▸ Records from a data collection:
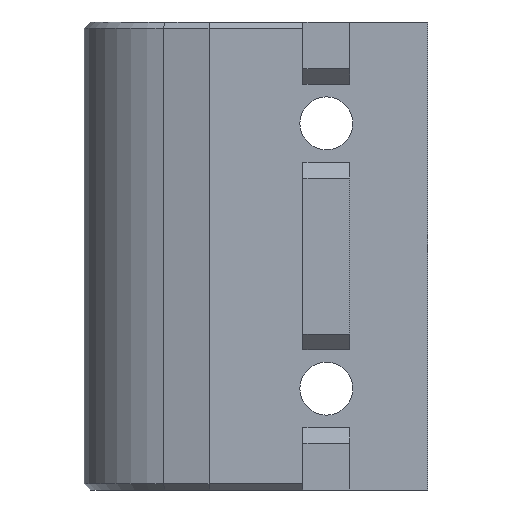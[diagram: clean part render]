
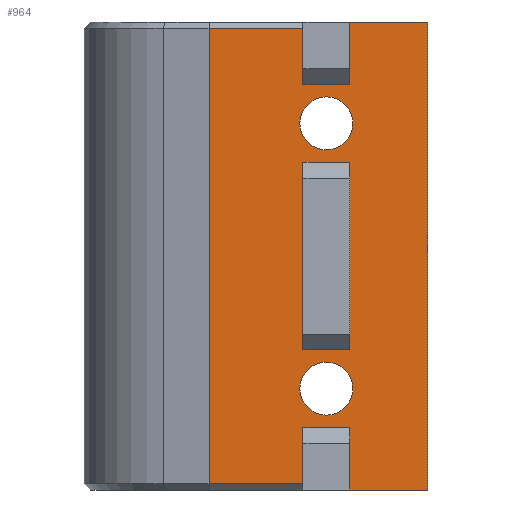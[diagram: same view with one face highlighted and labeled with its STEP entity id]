
A CAD part, left-side view. The second image highlights one B-rep face of the part: STEP entity #964.
In plain terms, the highlighted planar face has unit normal (-1, 0, 0).
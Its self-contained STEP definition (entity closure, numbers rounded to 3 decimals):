
#44=CIRCLE('',#1035,1.7);
#45=CIRCLE('',#1036,1.7);
#94=FACE_BOUND('',#162,.T.);
#95=FACE_BOUND('',#163,.T.);
#96=FACE_BOUND('',#164,.T.);
#105=FACE_OUTER_BOUND('',#161,.T.);
#161=EDGE_LOOP('',(#658,#659,#660,#661,#662,#663,#664,#665,#666,#667,#668,
#669));
#162=EDGE_LOOP('',(#670,#671,#672,#673));
#163=EDGE_LOOP('',(#674));
#164=EDGE_LOOP('',(#675));
#232=LINE('',#1473,#324);
#234=LINE('',#1478,#326);
#235=LINE('',#1479,#327);
#236=LINE('',#1481,#328);
#237=LINE('',#1483,#329);
#238=LINE('',#1485,#330);
#239=LINE('',#1487,#331);
#240=LINE('',#1489,#332);
#241=LINE('',#1491,#333);
#242=LINE('',#1493,#334);
#243=LINE('',#1495,#335);
#244=LINE('',#1496,#336);
#245=LINE('',#1499,#337);
#246=LINE('',#1501,#338);
#247=LINE('',#1503,#339);
#248=LINE('',#1504,#340);
#324=VECTOR('',#1157,10.);
#326=VECTOR('',#1161,10.);
#327=VECTOR('',#1162,10.);
#328=VECTOR('',#1163,10.);
#329=VECTOR('',#1164,10.);
#330=VECTOR('',#1165,10.);
#331=VECTOR('',#1166,10.);
#332=VECTOR('',#1167,10.);
#333=VECTOR('',#1168,10.);
#334=VECTOR('',#1169,10.);
#335=VECTOR('',#1170,10.);
#336=VECTOR('',#1171,10.);
#337=VECTOR('',#1172,10.);
#338=VECTOR('',#1173,10.);
#339=VECTOR('',#1174,10.);
#340=VECTOR('',#1175,10.);
#414=VERTEX_POINT('',#1470);
#415=VERTEX_POINT('',#1472);
#416=VERTEX_POINT('',#1476);
#417=VERTEX_POINT('',#1477);
#418=VERTEX_POINT('',#1480);
#419=VERTEX_POINT('',#1482);
#420=VERTEX_POINT('',#1484);
#421=VERTEX_POINT('',#1486);
#422=VERTEX_POINT('',#1488);
#423=VERTEX_POINT('',#1490);
#424=VERTEX_POINT('',#1492);
#425=VERTEX_POINT('',#1494);
#426=VERTEX_POINT('',#1497);
#427=VERTEX_POINT('',#1498);
#428=VERTEX_POINT('',#1500);
#429=VERTEX_POINT('',#1502);
#430=VERTEX_POINT('',#1505);
#431=VERTEX_POINT('',#1507);
#510=EDGE_CURVE('',#414,#415,#232,.T.);
#512=EDGE_CURVE('',#416,#417,#234,.T.);
#513=EDGE_CURVE('',#415,#417,#235,.T.);
#514=EDGE_CURVE('',#418,#414,#236,.T.);
#515=EDGE_CURVE('',#418,#419,#237,.T.);
#516=EDGE_CURVE('',#420,#419,#238,.T.);
#517=EDGE_CURVE('',#421,#420,#239,.T.);
#518=EDGE_CURVE('',#422,#421,#240,.T.);
#519=EDGE_CURVE('',#422,#423,#241,.T.);
#520=EDGE_CURVE('',#424,#423,#242,.T.);
#521=EDGE_CURVE('',#425,#424,#243,.T.);
#522=EDGE_CURVE('',#416,#425,#244,.T.);
#523=EDGE_CURVE('',#426,#427,#245,.T.);
#524=EDGE_CURVE('',#428,#426,#246,.T.);
#525=EDGE_CURVE('',#428,#429,#247,.T.);
#526=EDGE_CURVE('',#427,#429,#248,.T.);
#527=EDGE_CURVE('',#430,#430,#44,.T.);
#528=EDGE_CURVE('',#431,#431,#45,.T.);
#658=ORIENTED_EDGE('',*,*,#512,.T.);
#659=ORIENTED_EDGE('',*,*,#513,.F.);
#660=ORIENTED_EDGE('',*,*,#510,.F.);
#661=ORIENTED_EDGE('',*,*,#514,.F.);
#662=ORIENTED_EDGE('',*,*,#515,.T.);
#663=ORIENTED_EDGE('',*,*,#516,.F.);
#664=ORIENTED_EDGE('',*,*,#517,.F.);
#665=ORIENTED_EDGE('',*,*,#518,.F.);
#666=ORIENTED_EDGE('',*,*,#519,.T.);
#667=ORIENTED_EDGE('',*,*,#520,.F.);
#668=ORIENTED_EDGE('',*,*,#521,.F.);
#669=ORIENTED_EDGE('',*,*,#522,.F.);
#670=ORIENTED_EDGE('',*,*,#523,.F.);
#671=ORIENTED_EDGE('',*,*,#524,.F.);
#672=ORIENTED_EDGE('',*,*,#525,.T.);
#673=ORIENTED_EDGE('',*,*,#526,.F.);
#674=ORIENTED_EDGE('',*,*,#527,.F.);
#675=ORIENTED_EDGE('',*,*,#528,.F.);
#935=PLANE('',#1034);
#964=ADVANCED_FACE('',(#105,#94,#95,#96),#935,.T.);
#1034=AXIS2_PLACEMENT_3D('',#1475,#1159,#1160);
#1035=AXIS2_PLACEMENT_3D('',#1506,#1176,#1177);
#1036=AXIS2_PLACEMENT_3D('',#1508,#1178,#1179);
#1157=DIRECTION('',(0.,0.,-1.));
#1159=DIRECTION('center_axis',(-1.,0.,0.));
#1160=DIRECTION('ref_axis',(0.,1.,0.));
#1161=DIRECTION('',(0.,0.,-1.));
#1162=DIRECTION('',(0.,1.,0.));
#1163=DIRECTION('',(0.,-1.,0.));
#1164=DIRECTION('',(0.,0.,-1.));
#1165=DIRECTION('',(0.,-1.,0.));
#1166=DIRECTION('',(0.,0.,-1.));
#1167=DIRECTION('',(0.,-1.,0.));
#1168=DIRECTION('',(0.,0.,-1.));
#1169=DIRECTION('',(0.,1.,0.));
#1170=DIRECTION('',(0.,0.,-1.));
#1171=DIRECTION('',(0.,1.,0.));
#1172=DIRECTION('',(0.,0.,-1.));
#1173=DIRECTION('',(0.,1.,0.));
#1174=DIRECTION('',(0.,0.,-1.));
#1175=DIRECTION('',(0.,-1.,0.));
#1176=DIRECTION('center_axis',(-1.,0.,0.));
#1177=DIRECTION('ref_axis',(0.,1.,0.));
#1178=DIRECTION('center_axis',(-1.,0.,0.));
#1179=DIRECTION('ref_axis',(0.,1.,0.));
#1470=CARTESIAN_POINT('',(-7.,-7.017,30.));
#1472=CARTESIAN_POINT('',(-7.,-7.017,0.));
#1473=CARTESIAN_POINT('',(-7.,-7.017,30.));
#1475=CARTESIAN_POINT('Origin',(-7.,-4.017,30.));
#1476=CARTESIAN_POINT('',(-7.,-2.017,4.));
#1477=CARTESIAN_POINT('',(-7.,-2.017,0.));
#1478=CARTESIAN_POINT('',(-7.,-2.017,30.));
#1479=CARTESIAN_POINT('',(-7.,0.738,0.));
#1480=CARTESIAN_POINT('',(-7.,-2.017,30.));
#1481=CARTESIAN_POINT('',(-7.,0.738,30.));
#1482=CARTESIAN_POINT('',(-7.,-2.017,26.));
#1483=CARTESIAN_POINT('',(-7.,-2.017,30.));
#1484=CARTESIAN_POINT('',(-7.,0.983,26.));
#1485=CARTESIAN_POINT('',(-7.,-4.017,26.));
#1486=CARTESIAN_POINT('',(-7.,0.983,29.6));
#1487=CARTESIAN_POINT('',(-7.,0.983,30.));
#1488=CARTESIAN_POINT('',(-7.,7.003,29.6));
#1489=CARTESIAN_POINT('',(-7.,0.738,29.6));
#1490=CARTESIAN_POINT('',(-7.,7.003,0.4));
#1491=CARTESIAN_POINT('',(-7.,7.003,30.));
#1492=CARTESIAN_POINT('',(-7.,0.983,0.4));
#1493=CARTESIAN_POINT('',(-7.,0.738,0.4));
#1494=CARTESIAN_POINT('',(-7.,0.983,4.));
#1495=CARTESIAN_POINT('',(-7.,0.983,30.));
#1496=CARTESIAN_POINT('',(-7.,-4.017,4.));
#1497=CARTESIAN_POINT('',(-7.,0.983,21.));
#1498=CARTESIAN_POINT('',(-7.,0.983,9.));
#1499=CARTESIAN_POINT('',(-7.,0.983,30.));
#1500=CARTESIAN_POINT('',(-7.,-2.017,21.));
#1501=CARTESIAN_POINT('',(-7.,-4.017,21.));
#1502=CARTESIAN_POINT('',(-7.,-2.017,9.));
#1503=CARTESIAN_POINT('',(-7.,-2.017,30.));
#1504=CARTESIAN_POINT('',(-7.,-4.017,9.));
#1505=CARTESIAN_POINT('',(-7.,-2.217,23.5));
#1506=CARTESIAN_POINT('Origin',(-7.,-0.517,23.5));
#1507=CARTESIAN_POINT('',(-7.,-2.217,6.5));
#1508=CARTESIAN_POINT('Origin',(-7.,-0.517,6.5));

▸ TASK REQUIREMENTS:
Only those lines of the entries above that run from the line containing "#416=VERTEX_POINT('',#1476);" to the line containing "#430=VERTEX_POINT('',#1505);", both included, should be transcribed exactly.

▸ RESULT OF THE TASK:
#416=VERTEX_POINT('',#1476);
#417=VERTEX_POINT('',#1477);
#418=VERTEX_POINT('',#1480);
#419=VERTEX_POINT('',#1482);
#420=VERTEX_POINT('',#1484);
#421=VERTEX_POINT('',#1486);
#422=VERTEX_POINT('',#1488);
#423=VERTEX_POINT('',#1490);
#424=VERTEX_POINT('',#1492);
#425=VERTEX_POINT('',#1494);
#426=VERTEX_POINT('',#1497);
#427=VERTEX_POINT('',#1498);
#428=VERTEX_POINT('',#1500);
#429=VERTEX_POINT('',#1502);
#430=VERTEX_POINT('',#1505);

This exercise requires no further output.